Tag Archives: software

JHOVE online hack day

My venture into the Techno-Liberty blog didn’t work so well. In fact, I’m getting more views on this blog, in spite of not having posted in months, than I got on my best days on the other blog. So … I’m back.

JHOVE is still doing well too, thanks to excellent work by Carl Wilson and others at the Open Preservation Foundation. There will be an online hack day for JHOVE on April 27. The aim is to find ways to improve JHOVE by improving error reporting, collecting example files, and documenting the preservation impact of JHOVE validation issues. (I think that last one means “Why does McGath’s PDF module suck?” :)

The time listed is 8 AM-8 PM. I asked what time zone that is, and was told it means any and all, from New Zealand the long way around to Hawaii.

Last time I said I’d drop in and didn’t really manage to. This time I won’t make promises, but I’ll try to be around in some form. If nothing else, people can ask me questions about JHOVE in the comments.

A Libtiff mirror

Libtiff is still offline at remotesensing.org, but there’s a mirror of the source available on GitHub. I held off on mentioning it in this blog till Bob Friesenhahn confirmed it’s reliable.

Libtiff goes offline

The Libtiff library, which has been a reference implementation of TIFF for many years, has disappeared from the Internet. It was located at remotesensing.org, a domain whose owner apparently was willing to host it without having any close connection to the project. The domain fell into someone else’s hands, and the content changed completely, breaking all links to Libtiff material. Malice doesn’t seem to be involved; the original owner of remotesensing.org just walked away from the domain or forgot to renew it. Who owns it now is unknown, since it’s registered under a privacy shield.

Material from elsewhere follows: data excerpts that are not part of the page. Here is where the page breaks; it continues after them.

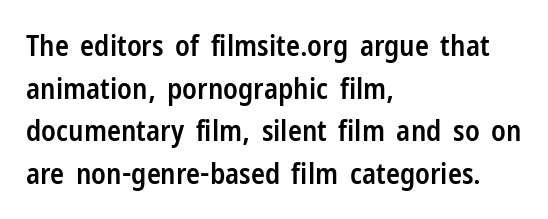
Q: Is the text bold? A: Semi-bold.
Q: Is the text italic (slanted)? A: No, it is upright.
Q: Is the typeface a serif or a sans-serif typeface? A: Sans-serif.
Q: Is the text underlined? A: No.
Q: How is the paragraph aligned? A: Left-aligned.
Q: Is the spacing between letters normal or unusually wide? A: Normal.
Q: Is the spacing between lines tight, normal or loose? A: Normal.
Q: Width (condensed, normal, or wide)? A: Condensed.
Q: Stroke contrast? A: Low.
Q: x-height? A: Medium.
Q: Monospaced? A: No.
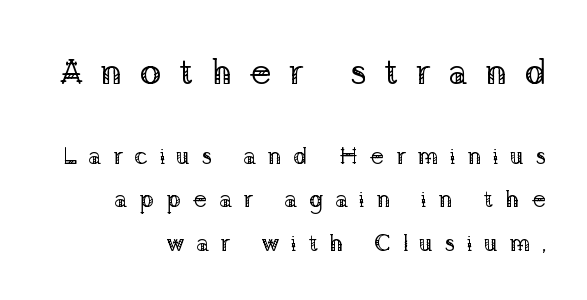
Q: Is the text bold? A: No.
Q: Is the text italic (slanted)? A: No, it is upright.
Q: Is the typeface a serif or a sans-serif typeface? A: Serif.
Q: Is the text underlined? A: No.
Q: How is the paragraph aligned? A: Right-aligned.
Q: Is the spacing between letters normal or unusually wide? A: Unusually wide.
Q: Which block of text is set in a larger size, the first (top) or the second (bottom)? A: The first (top) one.
Q: Width (condensed, normal, or wide)? A: Normal.
Q: Stroke contrast? A: Low.
Q: x-height? A: Medium.
Q: Monospaced? A: No.
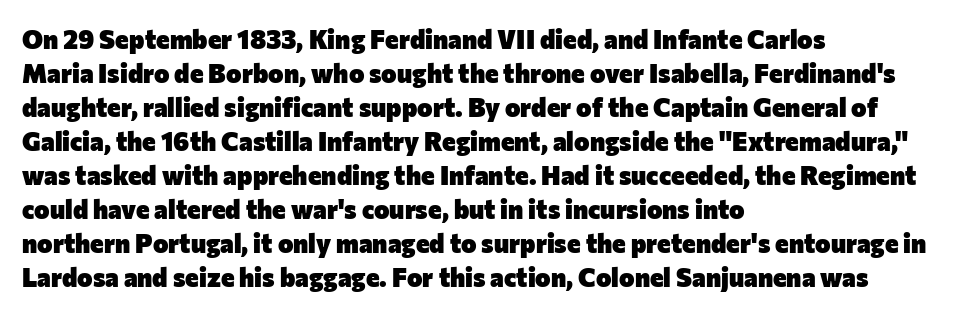
{"italic": "no", "bold": "yes", "underline": "no", "align": "left", "line_spacing": "normal", "line_spacing_ratio": 1.31, "letter_spacing": "normal", "letter_spacing_em": 0.0, "glyph_px": 26}
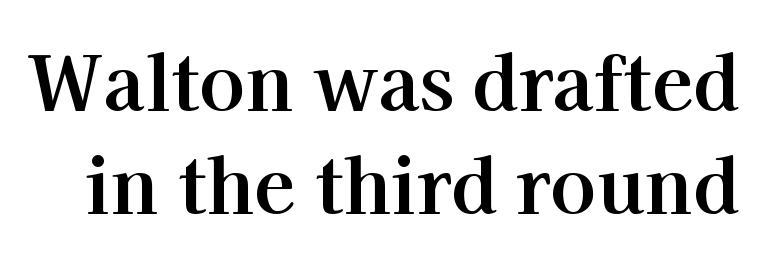
Q: Is the text bold? A: Yes.
Q: Is the text italic (slanted)? A: No, it is upright.
Q: Is the typeface a serif or a sans-serif typeface? A: Serif.
Q: Is the text underlined? A: No.
Q: Is the spacing between letters normal or unusually wide? A: Normal.
Q: Is the spacing between lines tight, normal or loose? A: Normal.
Q: Width (condensed, normal, or wide)? A: Normal.
Q: Stroke contrast? A: High.
Q: x-height? A: Medium.
Q: Monospaced? A: No.
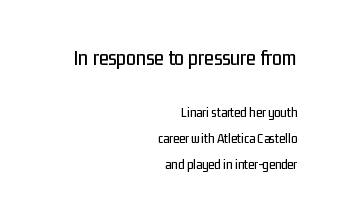
The image shows 22 px text type, upright; set right-aligned, line spacing 1.86x, normal letter spacing, not underlined; the first (top) block is 1.57x larger.
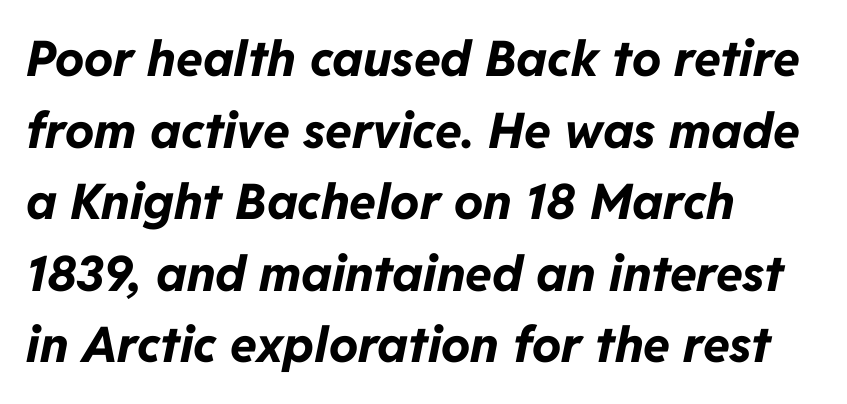
{"italic": "yes", "lean": "right", "slant_degrees": 11, "bold": "yes", "weight": "bold", "width": "normal", "stroke_contrast": "low", "x_height": "medium", "monospaced": "no", "underline": "no", "align": "left", "line_spacing": "normal", "line_spacing_ratio": 1.46, "letter_spacing": "normal", "letter_spacing_em": 0.0, "glyph_px": 49}
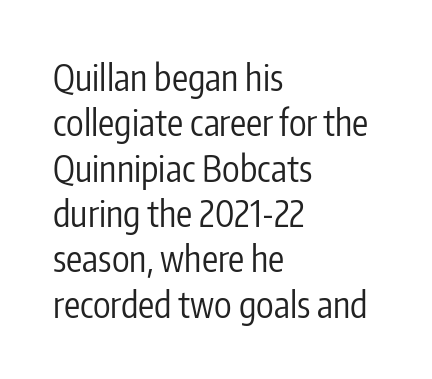
Q: Is the text bold? A: No.
Q: Is the text italic (slanted)? A: No, it is upright.
Q: Is the typeface a serif or a sans-serif typeface? A: Sans-serif.
Q: Is the text underlined? A: No.
Q: How is the paragraph aligned? A: Left-aligned.
Q: Is the spacing between letters normal or unusually wide? A: Normal.
Q: Is the spacing between lines tight, normal or loose? A: Normal.
Q: Width (condensed, normal, or wide)? A: Condensed.
Q: Stroke contrast? A: Low.
Q: x-height? A: Medium.
Q: Monospaced? A: No.
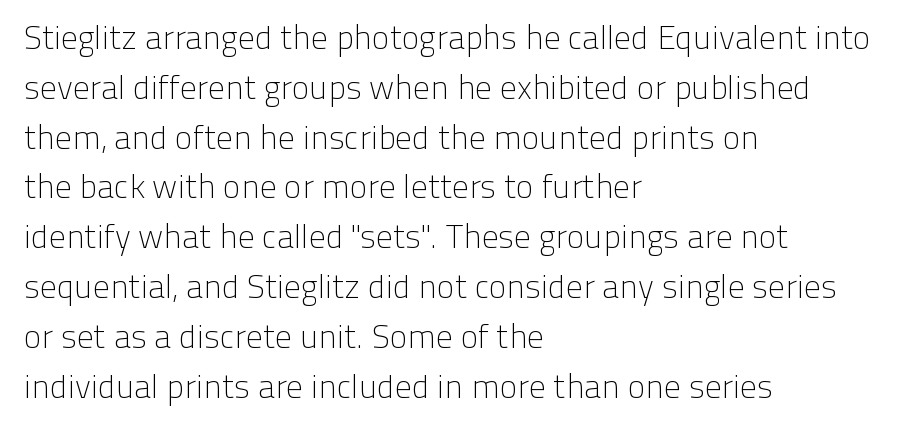
Just letters on the line, the space beneath them empty. Left-aligned paragraph, ragged on the right. No italicization has been applied; the sample stays upright. This sample uses a sans-serif face. Heaviness? Minimal to ordinary, like unemphasized prose.
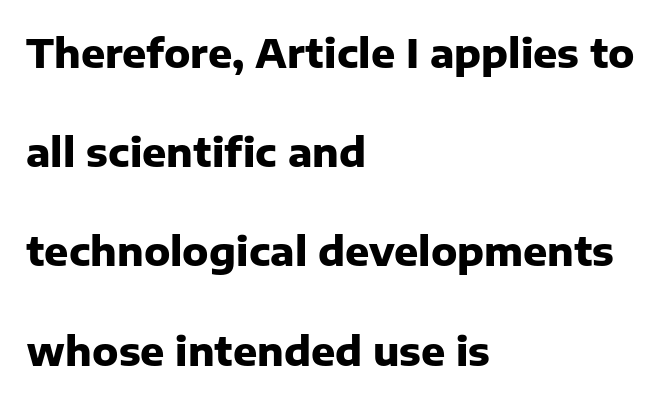
{"serif": "no", "italic": "no", "bold": "yes", "weight": "heavy", "width": "normal", "stroke_contrast": "low", "x_height": "medium", "monospaced": "no", "underline": "no", "align": "left", "line_spacing": "loose", "line_spacing_ratio": 2.48, "letter_spacing": "normal", "letter_spacing_em": 0.0, "glyph_px": 40}
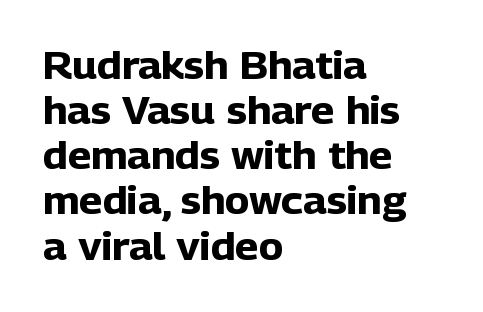
The setting favours the left margin, as ordinary paragraphs usually do. Plenty of ink on the page — the face is bold. Serifs: no, the terminals of the letterforms are clean. Students, note that the glyphs here touch the page at normal intervals. Posture: upright roman.
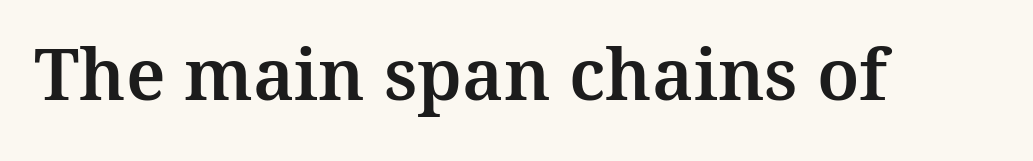
Each letter's strokes conclude with small projecting serifs. You could not count columns in this text — the font is proportionally spaced. Unmarked baselines from the first word to the last. The typography opts for an upright posture over an oblique one. How are the letters spaced? Ordinarily, with no added tracking.
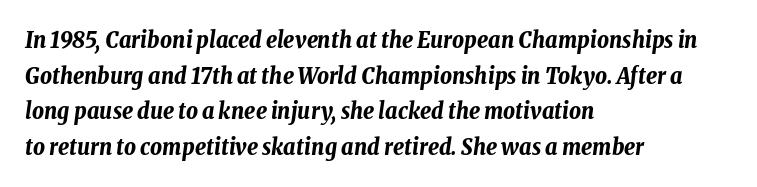
The face used here is rendered with its standard letterfit. Lines of text with bare space underneath. The characters look thick and weighty, a clear bold. Line beginnings align vertically; line endings do not. The rows are spaced the way most documents space them.
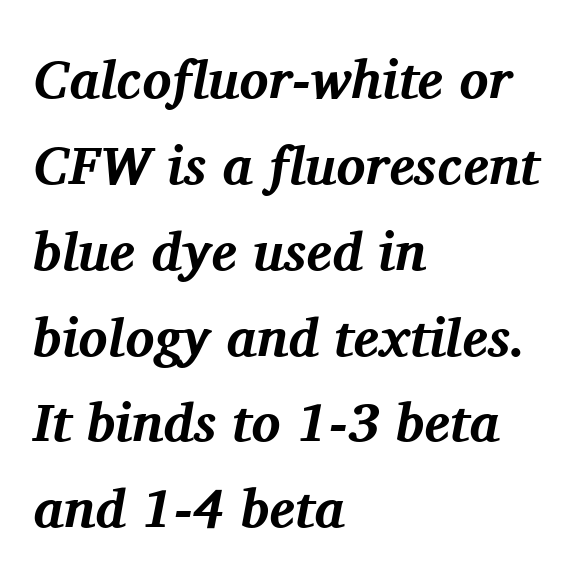
The image shows 54 px bold serif type, italic (leaning right); set left-aligned, normal line spacing (1.59x), normal letter spacing, not underlined; medium stroke contrast and a medium x-height.
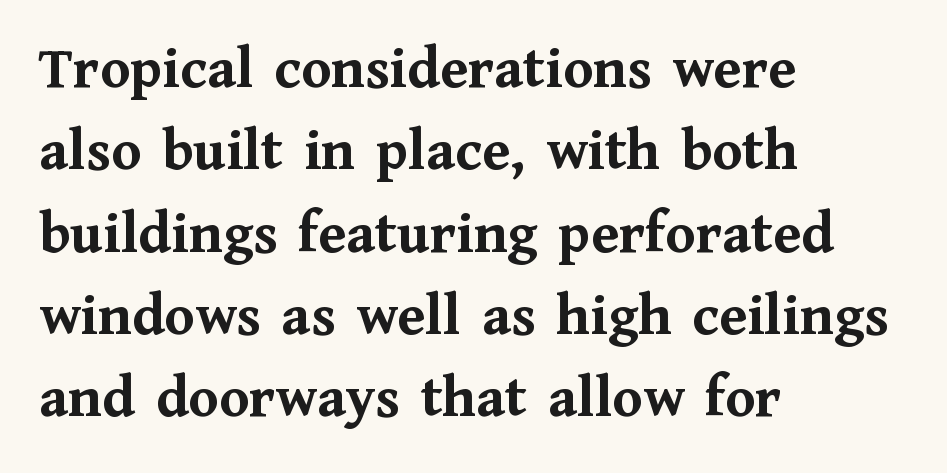
{"serif": "yes", "italic": "no", "bold": "yes", "weight": "semibold", "width": "normal", "stroke_contrast": "medium", "x_height": "medium", "monospaced": "no", "underline": "no", "align": "left", "line_spacing": "normal", "line_spacing_ratio": 1.35, "letter_spacing": "normal", "letter_spacing_em": 0.0, "glyph_px": 61}

Originally Libtiff was hosted on libtiff.org, but that fell into the hands of a domain owner with no interest in the project. I don’t know why. It still holds Libtiff code, but it’s many years out of date.

As I’m writing this, people on the Libtiff list are trying to figure out exactly what happened. There’s talk of trying to get libtiff.org back, though that may or may not be possible.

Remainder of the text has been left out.